→ **Aim of the task**
As an exercise, transcribe the data below in full and exactly, omitting pictures.

→ **Records supplied**
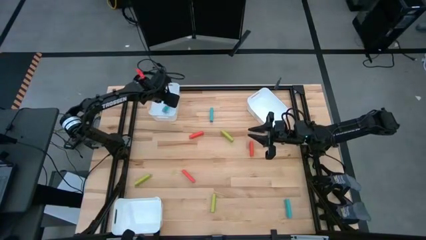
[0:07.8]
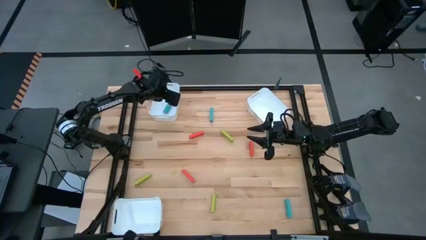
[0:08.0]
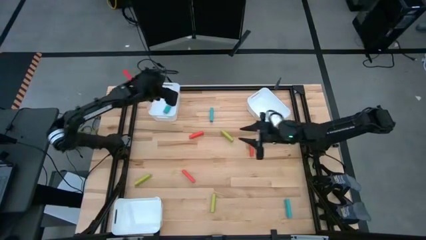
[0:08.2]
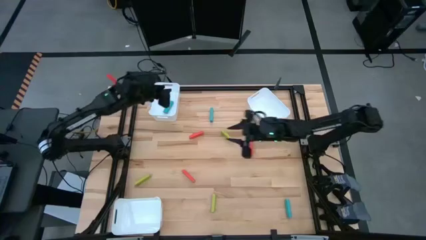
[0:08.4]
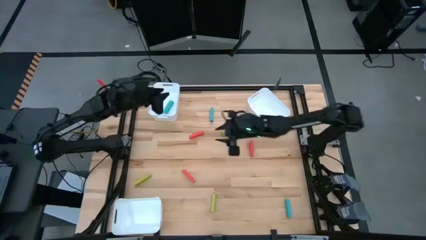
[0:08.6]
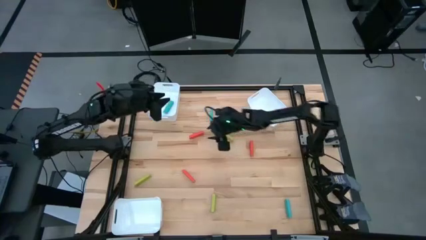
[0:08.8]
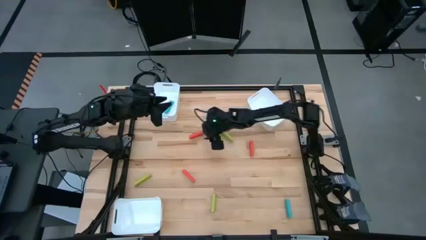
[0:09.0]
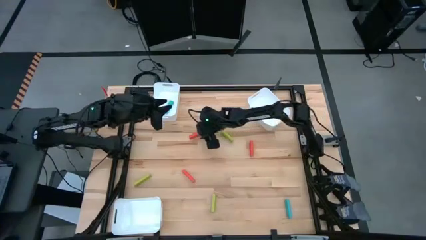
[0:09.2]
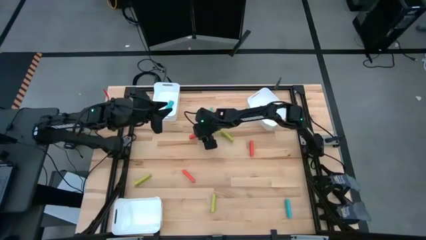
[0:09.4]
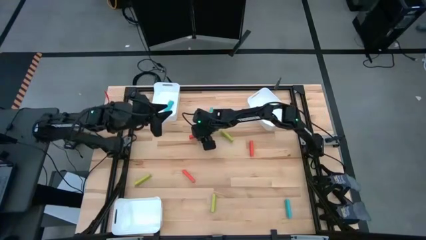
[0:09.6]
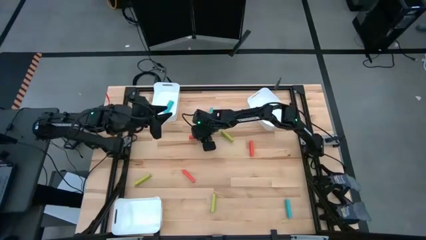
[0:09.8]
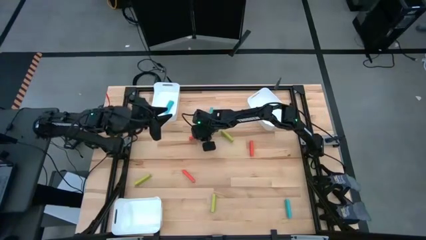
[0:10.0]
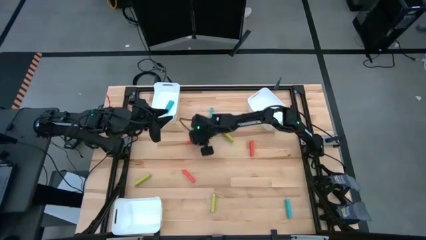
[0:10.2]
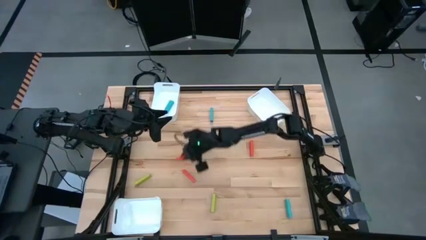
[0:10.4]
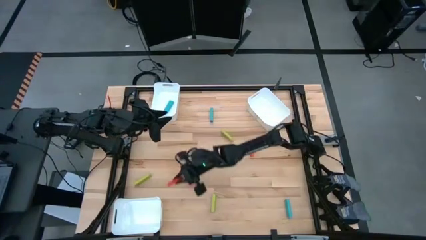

→ **Response to the exercise**
[0:07.8]
[0:08.0]
[0:08.2]
[0:08.4]
[0:08.6]
[0:08.8]
[0:09.0]
[0:09.2]
[0:09.4]
[0:09.6]
[0:09.8]
[0:10.0]
[0:10.2]
[0:10.4]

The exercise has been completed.